START Record extracts

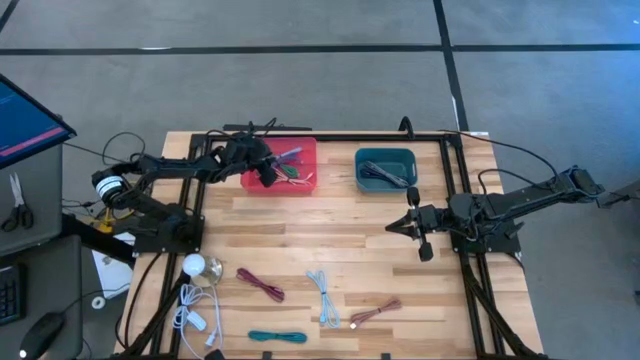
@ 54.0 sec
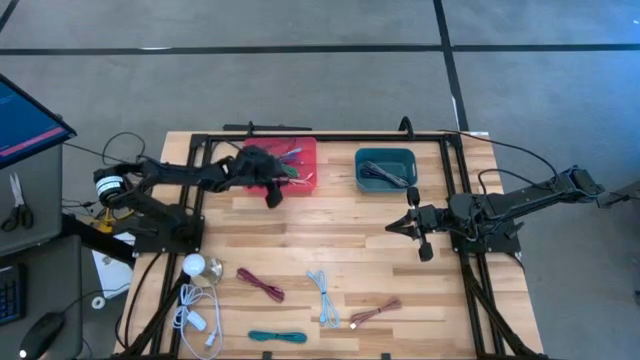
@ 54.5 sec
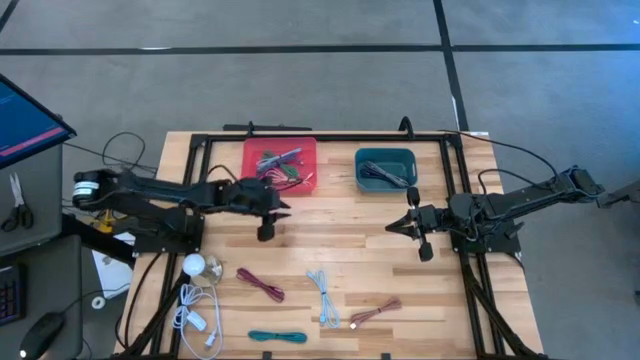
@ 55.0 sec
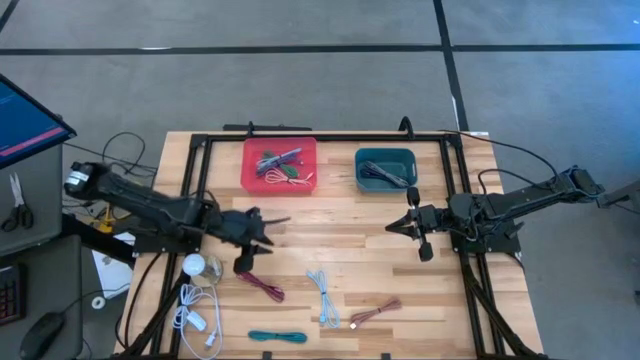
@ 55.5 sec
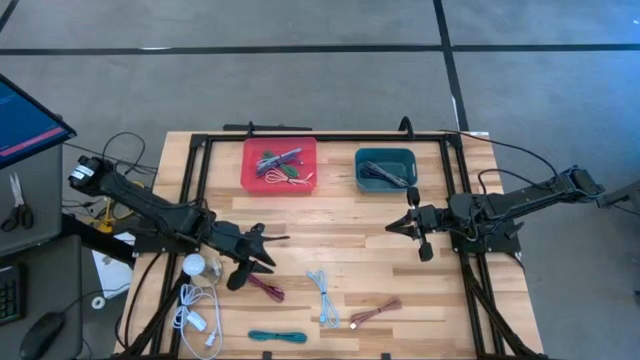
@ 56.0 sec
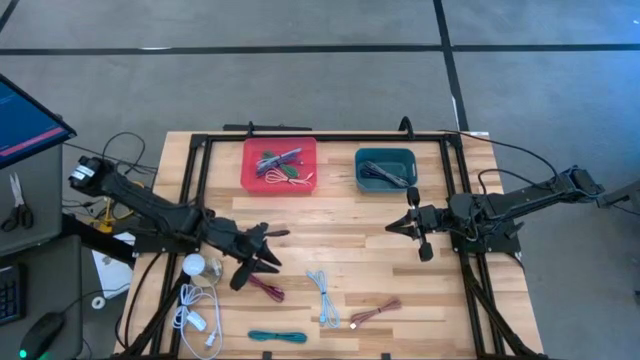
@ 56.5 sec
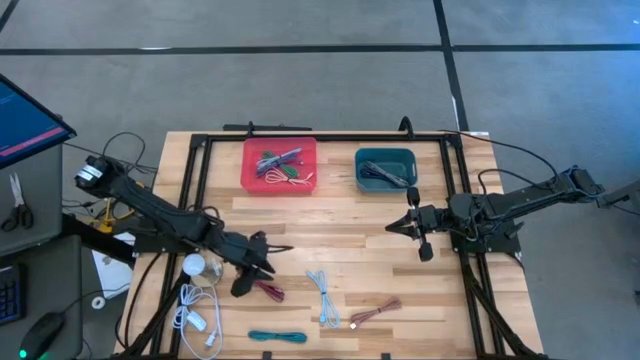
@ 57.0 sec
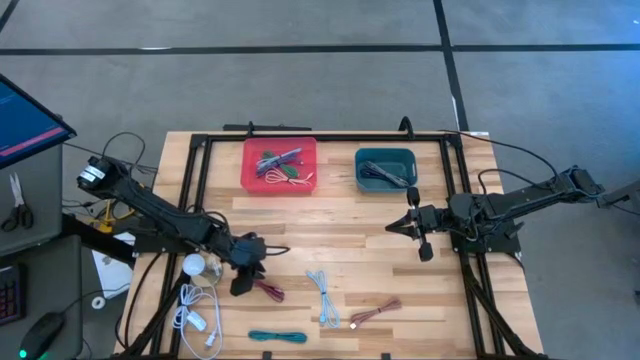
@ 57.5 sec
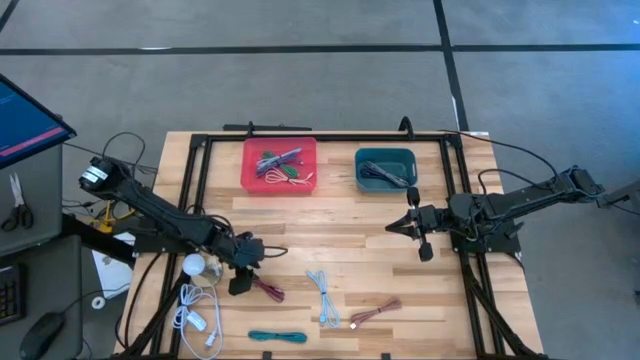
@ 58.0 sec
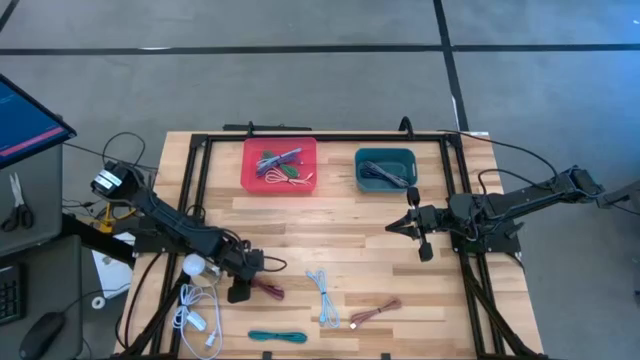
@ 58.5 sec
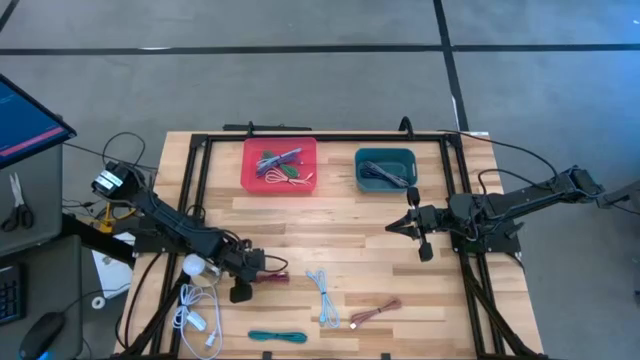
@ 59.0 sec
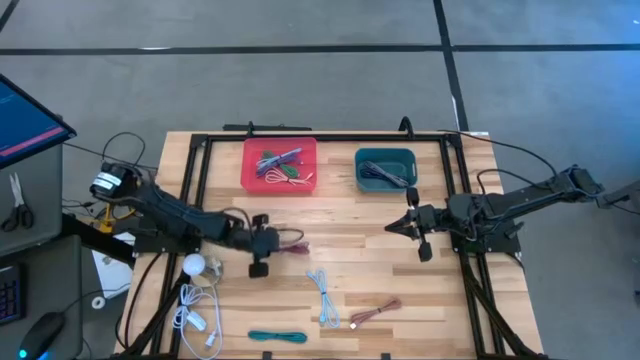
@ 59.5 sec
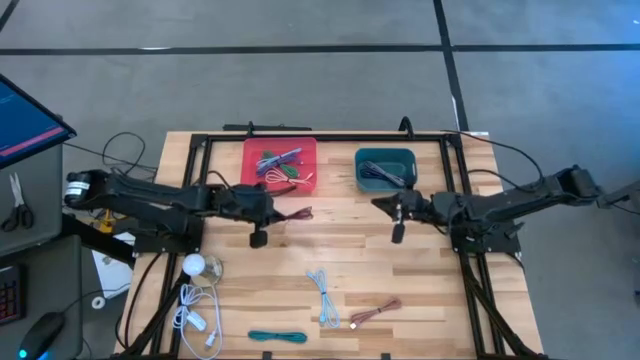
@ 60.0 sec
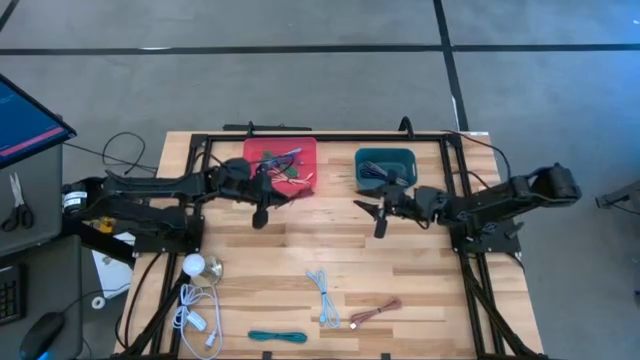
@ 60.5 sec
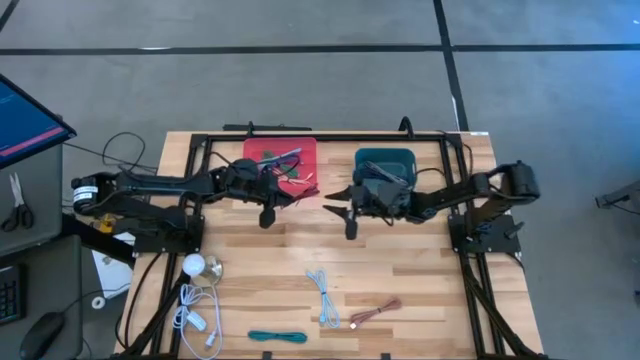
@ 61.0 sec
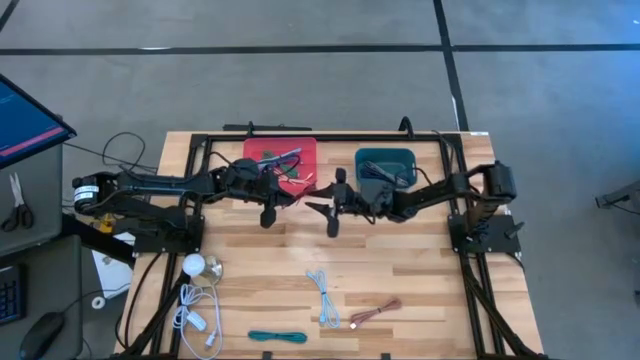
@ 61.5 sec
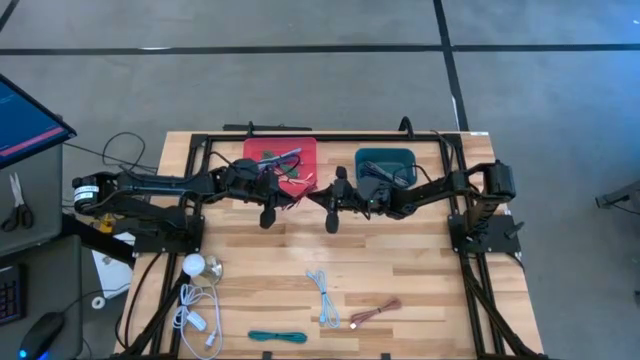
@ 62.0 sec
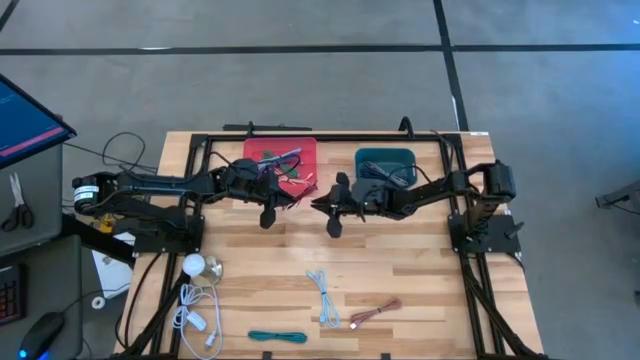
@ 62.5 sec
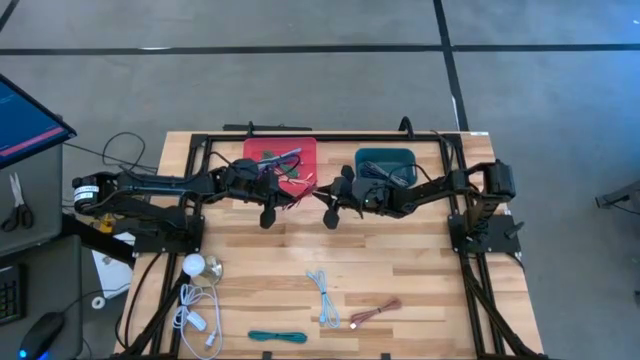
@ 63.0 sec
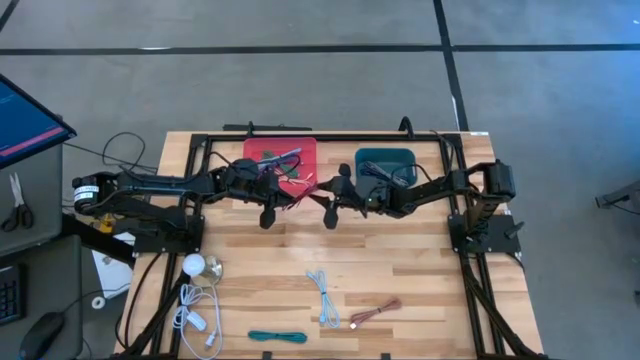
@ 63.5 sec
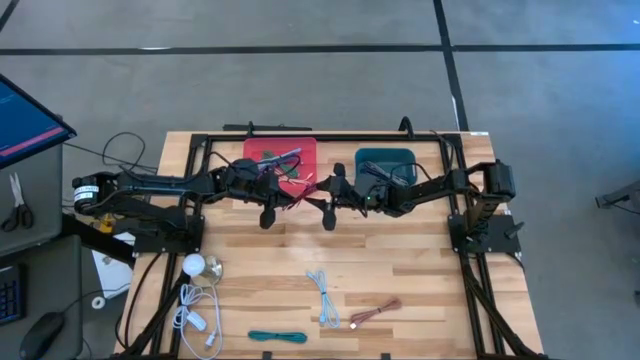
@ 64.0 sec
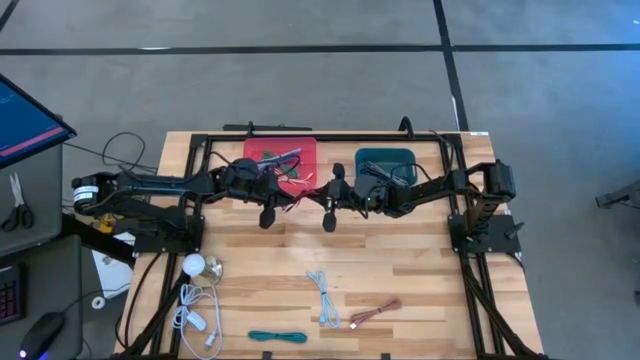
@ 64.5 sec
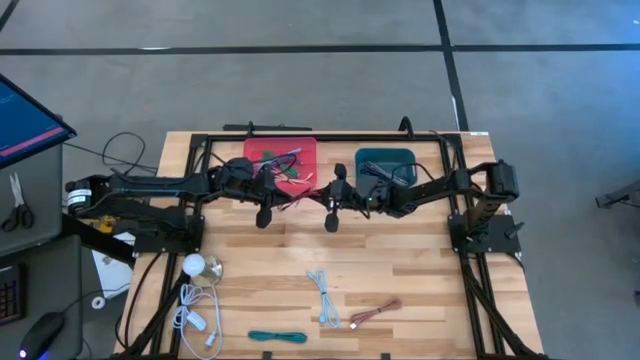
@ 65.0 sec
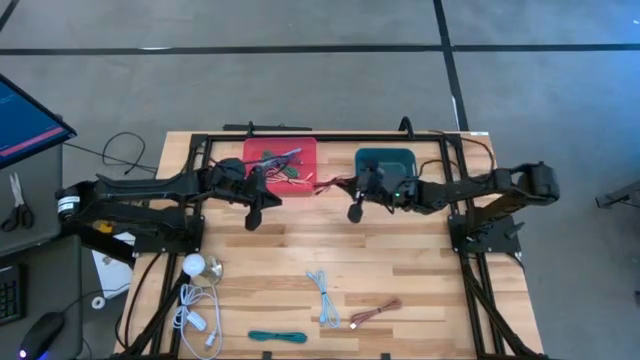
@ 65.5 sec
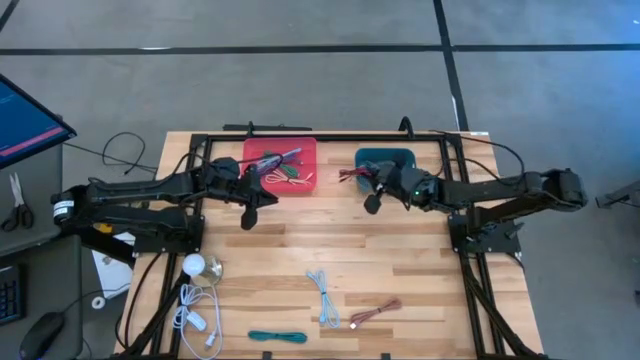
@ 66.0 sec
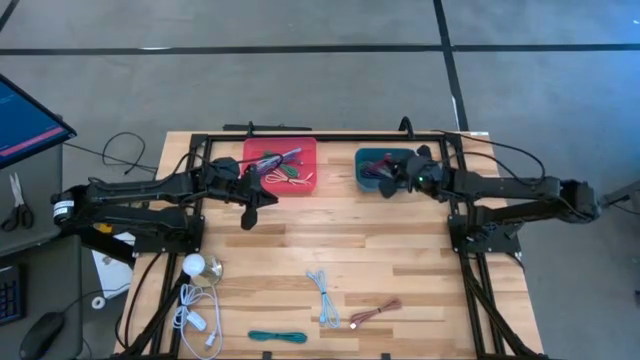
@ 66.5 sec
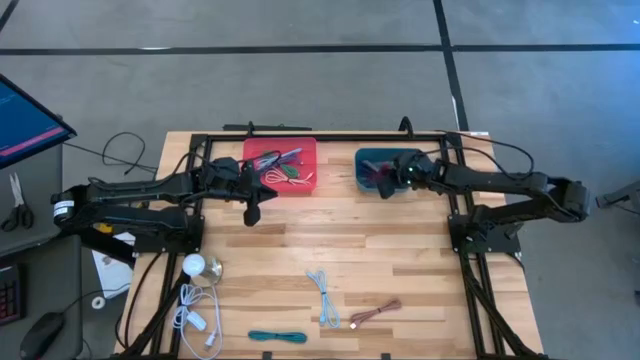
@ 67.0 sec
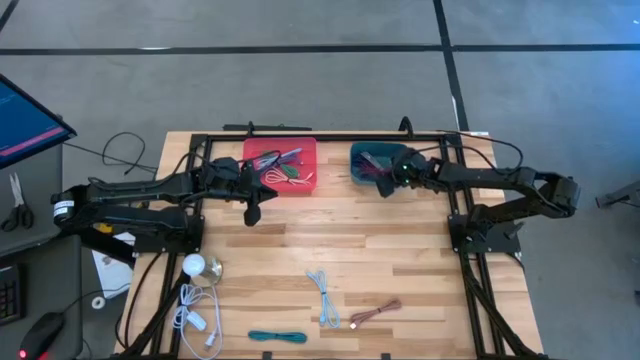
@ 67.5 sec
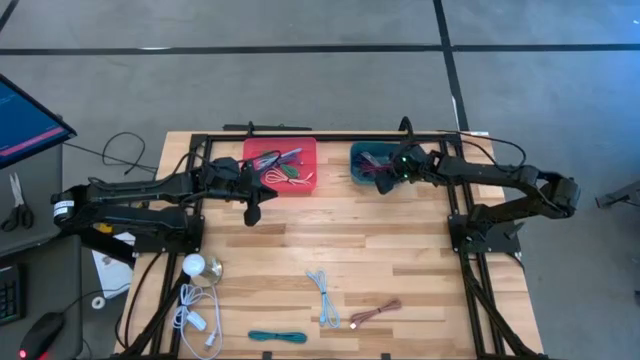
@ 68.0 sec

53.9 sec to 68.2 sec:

END Record extracts

- [Brief] Return the full listing exactly as written, without any of its images.

- [Task result]
@ 54.0 sec
@ 54.5 sec
@ 55.0 sec
@ 55.5 sec
@ 56.0 sec
@ 56.5 sec
@ 57.0 sec
@ 57.5 sec
@ 58.0 sec
@ 58.5 sec
@ 59.0 sec
@ 59.5 sec
@ 60.0 sec
@ 60.5 sec
@ 61.0 sec
@ 61.5 sec
@ 62.0 sec
@ 62.5 sec
@ 63.0 sec
@ 63.5 sec
@ 64.0 sec
@ 64.5 sec
@ 65.0 sec
@ 65.5 sec
@ 66.0 sec
@ 66.5 sec
@ 67.0 sec
@ 67.5 sec
@ 68.0 sec

53.9 sec to 68.2 sec:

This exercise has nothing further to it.